The Work, Love and Play study (Power et al., 2010) of 445 Australian and New Zealander lesbian, gay, bisexual, transgender and intersex (LGBTI) parents is the largest in this country undertaken to date and found there are six major family types:

  • a two-parent same-sex couple-based family;
  • families in which a lesbian couple were the primary parents but a known sperm donor lived separately and had involvement in the children's lives;
  • families in which a lesbian or gay man were still co-parenting with an ex-heterosexual partner;
  • separated same-sex families where women or men were co-parenting with their ex-same-sex partner;
  • sole parent families; and
  • multi-parent families, usually a gay male couple and a lesbian couple raising children together from birth across two households.

Despite the diversity, it is apparent that the two-parent, couple-based household family form still holds sway, and many same-sex parented families in Australia conform to this family structure (Power et al., 2010).

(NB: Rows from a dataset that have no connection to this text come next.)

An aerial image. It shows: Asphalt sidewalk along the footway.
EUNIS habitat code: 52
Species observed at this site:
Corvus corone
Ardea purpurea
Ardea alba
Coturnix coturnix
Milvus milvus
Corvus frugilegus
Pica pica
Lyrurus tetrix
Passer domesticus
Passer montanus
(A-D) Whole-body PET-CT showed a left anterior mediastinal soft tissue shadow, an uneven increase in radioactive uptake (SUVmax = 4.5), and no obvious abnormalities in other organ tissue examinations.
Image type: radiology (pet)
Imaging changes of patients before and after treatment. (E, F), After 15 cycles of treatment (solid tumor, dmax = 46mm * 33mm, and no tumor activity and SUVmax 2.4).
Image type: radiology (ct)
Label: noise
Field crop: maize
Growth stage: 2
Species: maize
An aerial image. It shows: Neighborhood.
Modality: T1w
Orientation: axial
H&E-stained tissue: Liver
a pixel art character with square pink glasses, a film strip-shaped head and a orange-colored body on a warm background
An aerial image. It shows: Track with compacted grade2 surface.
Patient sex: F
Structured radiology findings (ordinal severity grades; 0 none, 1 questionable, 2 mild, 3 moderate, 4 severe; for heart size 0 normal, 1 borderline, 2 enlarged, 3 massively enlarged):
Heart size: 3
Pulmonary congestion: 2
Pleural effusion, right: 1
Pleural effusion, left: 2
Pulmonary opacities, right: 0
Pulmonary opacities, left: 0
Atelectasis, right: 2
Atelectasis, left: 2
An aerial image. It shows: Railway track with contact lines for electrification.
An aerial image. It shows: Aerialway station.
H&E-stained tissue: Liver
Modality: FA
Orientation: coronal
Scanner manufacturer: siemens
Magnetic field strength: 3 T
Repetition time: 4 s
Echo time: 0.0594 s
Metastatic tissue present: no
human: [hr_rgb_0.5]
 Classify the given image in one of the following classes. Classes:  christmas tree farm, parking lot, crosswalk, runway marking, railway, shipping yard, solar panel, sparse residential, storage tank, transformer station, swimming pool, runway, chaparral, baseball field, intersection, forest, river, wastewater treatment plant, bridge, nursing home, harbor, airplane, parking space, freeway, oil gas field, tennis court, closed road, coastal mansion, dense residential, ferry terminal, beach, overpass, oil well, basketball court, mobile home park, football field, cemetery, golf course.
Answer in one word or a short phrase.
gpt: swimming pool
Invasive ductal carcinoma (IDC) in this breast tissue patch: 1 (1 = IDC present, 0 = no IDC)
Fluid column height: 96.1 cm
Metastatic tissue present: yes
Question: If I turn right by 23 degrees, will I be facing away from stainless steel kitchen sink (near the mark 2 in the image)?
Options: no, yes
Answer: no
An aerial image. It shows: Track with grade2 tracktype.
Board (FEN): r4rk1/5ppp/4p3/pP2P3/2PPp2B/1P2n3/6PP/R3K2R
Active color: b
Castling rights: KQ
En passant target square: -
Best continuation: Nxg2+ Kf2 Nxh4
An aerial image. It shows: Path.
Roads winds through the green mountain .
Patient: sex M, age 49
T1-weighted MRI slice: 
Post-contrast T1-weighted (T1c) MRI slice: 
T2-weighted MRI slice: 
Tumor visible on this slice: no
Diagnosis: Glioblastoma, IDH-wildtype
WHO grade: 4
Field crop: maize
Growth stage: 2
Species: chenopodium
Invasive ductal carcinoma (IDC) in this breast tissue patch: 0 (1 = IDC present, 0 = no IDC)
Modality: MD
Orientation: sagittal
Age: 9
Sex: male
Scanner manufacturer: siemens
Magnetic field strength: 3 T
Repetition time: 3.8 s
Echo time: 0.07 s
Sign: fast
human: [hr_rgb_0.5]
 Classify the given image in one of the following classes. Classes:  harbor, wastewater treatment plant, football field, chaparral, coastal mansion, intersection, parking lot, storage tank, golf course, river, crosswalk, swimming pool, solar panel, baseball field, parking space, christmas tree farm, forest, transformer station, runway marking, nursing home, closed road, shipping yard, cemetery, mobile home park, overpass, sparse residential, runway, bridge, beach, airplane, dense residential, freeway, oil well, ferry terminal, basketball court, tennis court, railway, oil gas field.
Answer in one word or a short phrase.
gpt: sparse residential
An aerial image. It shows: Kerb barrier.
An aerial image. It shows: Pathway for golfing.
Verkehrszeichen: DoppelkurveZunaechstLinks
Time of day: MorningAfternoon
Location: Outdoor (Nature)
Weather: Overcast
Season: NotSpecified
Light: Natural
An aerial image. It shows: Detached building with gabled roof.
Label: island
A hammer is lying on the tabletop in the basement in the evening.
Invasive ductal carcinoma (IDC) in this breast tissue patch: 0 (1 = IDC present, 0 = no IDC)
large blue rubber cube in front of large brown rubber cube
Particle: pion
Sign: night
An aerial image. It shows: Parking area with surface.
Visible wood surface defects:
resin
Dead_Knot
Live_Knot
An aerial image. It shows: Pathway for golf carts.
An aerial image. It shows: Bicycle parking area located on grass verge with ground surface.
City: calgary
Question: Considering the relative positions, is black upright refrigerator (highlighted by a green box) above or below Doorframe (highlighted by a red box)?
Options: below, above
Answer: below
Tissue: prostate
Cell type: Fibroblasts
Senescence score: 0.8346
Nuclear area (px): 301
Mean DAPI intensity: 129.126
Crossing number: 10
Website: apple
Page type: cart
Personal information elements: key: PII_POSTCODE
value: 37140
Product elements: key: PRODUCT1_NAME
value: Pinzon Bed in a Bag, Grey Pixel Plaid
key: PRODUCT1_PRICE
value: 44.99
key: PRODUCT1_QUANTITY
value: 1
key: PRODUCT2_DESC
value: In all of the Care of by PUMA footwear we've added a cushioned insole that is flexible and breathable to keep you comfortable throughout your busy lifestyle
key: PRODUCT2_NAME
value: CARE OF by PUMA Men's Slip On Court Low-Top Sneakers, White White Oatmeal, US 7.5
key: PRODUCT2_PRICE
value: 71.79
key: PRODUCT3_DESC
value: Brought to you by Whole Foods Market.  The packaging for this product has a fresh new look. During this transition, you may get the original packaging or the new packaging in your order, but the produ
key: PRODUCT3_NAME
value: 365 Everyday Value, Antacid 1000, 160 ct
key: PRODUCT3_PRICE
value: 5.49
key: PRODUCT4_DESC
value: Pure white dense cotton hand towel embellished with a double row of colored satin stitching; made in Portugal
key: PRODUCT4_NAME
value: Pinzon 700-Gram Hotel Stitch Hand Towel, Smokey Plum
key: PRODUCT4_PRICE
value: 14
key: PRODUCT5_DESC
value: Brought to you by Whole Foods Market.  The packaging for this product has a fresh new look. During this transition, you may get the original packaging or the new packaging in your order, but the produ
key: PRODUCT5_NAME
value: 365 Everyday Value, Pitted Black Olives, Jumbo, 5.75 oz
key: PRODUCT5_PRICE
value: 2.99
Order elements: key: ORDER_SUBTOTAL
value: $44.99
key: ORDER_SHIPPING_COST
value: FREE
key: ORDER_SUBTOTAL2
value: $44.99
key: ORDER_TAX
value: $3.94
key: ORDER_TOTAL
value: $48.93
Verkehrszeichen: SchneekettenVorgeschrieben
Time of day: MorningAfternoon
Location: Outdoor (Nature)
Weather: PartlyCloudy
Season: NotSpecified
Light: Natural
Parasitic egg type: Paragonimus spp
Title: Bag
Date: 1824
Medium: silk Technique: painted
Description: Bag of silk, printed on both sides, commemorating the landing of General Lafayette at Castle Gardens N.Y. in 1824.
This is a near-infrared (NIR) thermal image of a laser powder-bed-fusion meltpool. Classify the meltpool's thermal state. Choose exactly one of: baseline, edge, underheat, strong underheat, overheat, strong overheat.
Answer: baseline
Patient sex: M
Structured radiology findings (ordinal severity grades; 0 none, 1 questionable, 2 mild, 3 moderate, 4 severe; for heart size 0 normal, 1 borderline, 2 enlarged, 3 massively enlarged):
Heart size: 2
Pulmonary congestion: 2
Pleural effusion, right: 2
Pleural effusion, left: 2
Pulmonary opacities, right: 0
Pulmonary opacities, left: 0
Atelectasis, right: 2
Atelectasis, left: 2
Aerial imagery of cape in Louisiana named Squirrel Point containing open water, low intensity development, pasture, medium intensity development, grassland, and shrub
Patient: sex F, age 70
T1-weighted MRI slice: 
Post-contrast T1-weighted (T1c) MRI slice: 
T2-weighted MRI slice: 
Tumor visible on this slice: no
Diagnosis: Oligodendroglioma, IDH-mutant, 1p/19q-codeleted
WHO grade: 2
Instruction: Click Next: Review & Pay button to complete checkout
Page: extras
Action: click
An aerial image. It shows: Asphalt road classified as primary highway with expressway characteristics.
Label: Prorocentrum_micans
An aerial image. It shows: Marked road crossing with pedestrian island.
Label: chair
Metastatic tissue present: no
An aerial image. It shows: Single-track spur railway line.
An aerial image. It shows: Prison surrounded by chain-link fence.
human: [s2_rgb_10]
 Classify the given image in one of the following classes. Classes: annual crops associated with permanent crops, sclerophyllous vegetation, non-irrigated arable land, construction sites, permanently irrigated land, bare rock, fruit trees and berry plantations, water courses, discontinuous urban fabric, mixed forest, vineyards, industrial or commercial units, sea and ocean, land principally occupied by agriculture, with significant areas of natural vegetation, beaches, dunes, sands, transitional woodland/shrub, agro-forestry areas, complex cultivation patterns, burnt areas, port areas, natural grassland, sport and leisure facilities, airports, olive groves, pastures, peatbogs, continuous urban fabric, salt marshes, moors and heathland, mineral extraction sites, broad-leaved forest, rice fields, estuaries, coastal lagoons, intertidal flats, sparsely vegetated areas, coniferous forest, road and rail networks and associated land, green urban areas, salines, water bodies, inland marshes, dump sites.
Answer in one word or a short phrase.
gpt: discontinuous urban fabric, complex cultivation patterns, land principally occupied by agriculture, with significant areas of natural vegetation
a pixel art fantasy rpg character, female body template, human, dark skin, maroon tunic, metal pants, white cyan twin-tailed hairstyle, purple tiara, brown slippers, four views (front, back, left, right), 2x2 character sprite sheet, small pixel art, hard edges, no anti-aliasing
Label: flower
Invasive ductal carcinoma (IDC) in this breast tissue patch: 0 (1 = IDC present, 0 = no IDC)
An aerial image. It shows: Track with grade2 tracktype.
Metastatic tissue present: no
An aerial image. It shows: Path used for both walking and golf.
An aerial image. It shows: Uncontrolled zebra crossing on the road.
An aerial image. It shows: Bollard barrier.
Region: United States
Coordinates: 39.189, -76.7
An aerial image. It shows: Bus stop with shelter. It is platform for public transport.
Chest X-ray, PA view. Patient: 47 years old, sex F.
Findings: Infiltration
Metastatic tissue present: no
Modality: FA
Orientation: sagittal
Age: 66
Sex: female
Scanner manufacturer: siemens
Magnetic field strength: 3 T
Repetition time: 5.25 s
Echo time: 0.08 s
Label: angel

There are also differences in levels of education and labour force participation rates of same-sex couples compared to heterosexual couples in Australia. Data from the 2011 Census indicate that people in same-sex couples are more likely to hold a Bachelor degree or higher qualification (42% compared to 23% of people in heterosexual couples). More people in same-sex couples are participating in the labour force (89% compared to 69% of heterosexual couples) and are more likely to work in highly skilled occupations, such as professionals or managers (ABS, 2013).4

Key messages: Diversity in Australian same-sex parented families

  • About 11% of Australian gay men and 33% of lesbians have children, based on data from a recent lesbian, gay, bisexual and transgender (LGBT) community survey of 3,853 people.
  • Children may have been conceived in the context of previous heterosexual relationships, or raised from birth by a co-parenting gay or lesbian couple or single parent.
  • In intentionally planned lesbian or gay parented families, it is common for children to be conceived through assisted reproductive technologies (ART) such as donor insemination (DI), in-vitro fertilization (IVF) and surrogacy. The children are usually biologically related to at least one of the parents.
  • Lesbian and gay parents also have children through foster care and adoption, although in Australia gay and lesbian couples or singles are still not eligible to adopt children.
  • Despite the diversity, many same-sex parented families in Australia conform to the two-parent, couple-based household family form, although a small number of multi-parent families exist.
  • People in same-sex couples are more highly educated and are more likely to be in highly skilled occupations than people in heterosexual couples.

 

Footnotes

3 Female-to-male transgender people may have fully functional female reproductive organs that enable them to become pregnant and give birth while also exhibiting the secondary sex characteristics of men. Similarly, male-to-female trans people may have breasts and other secondary sex characteristics of women, while electing not to have the kind of gender reassignment surgery that would remove their penis or testes (see Couch et al., 2007).

4 It is possible that this finding in the Census data could relate to the stigmatisation of same-sex relationships. Same-sex couples with a high socio-economic status could be more comfortable disclosing their same-sex relationship in government data collections.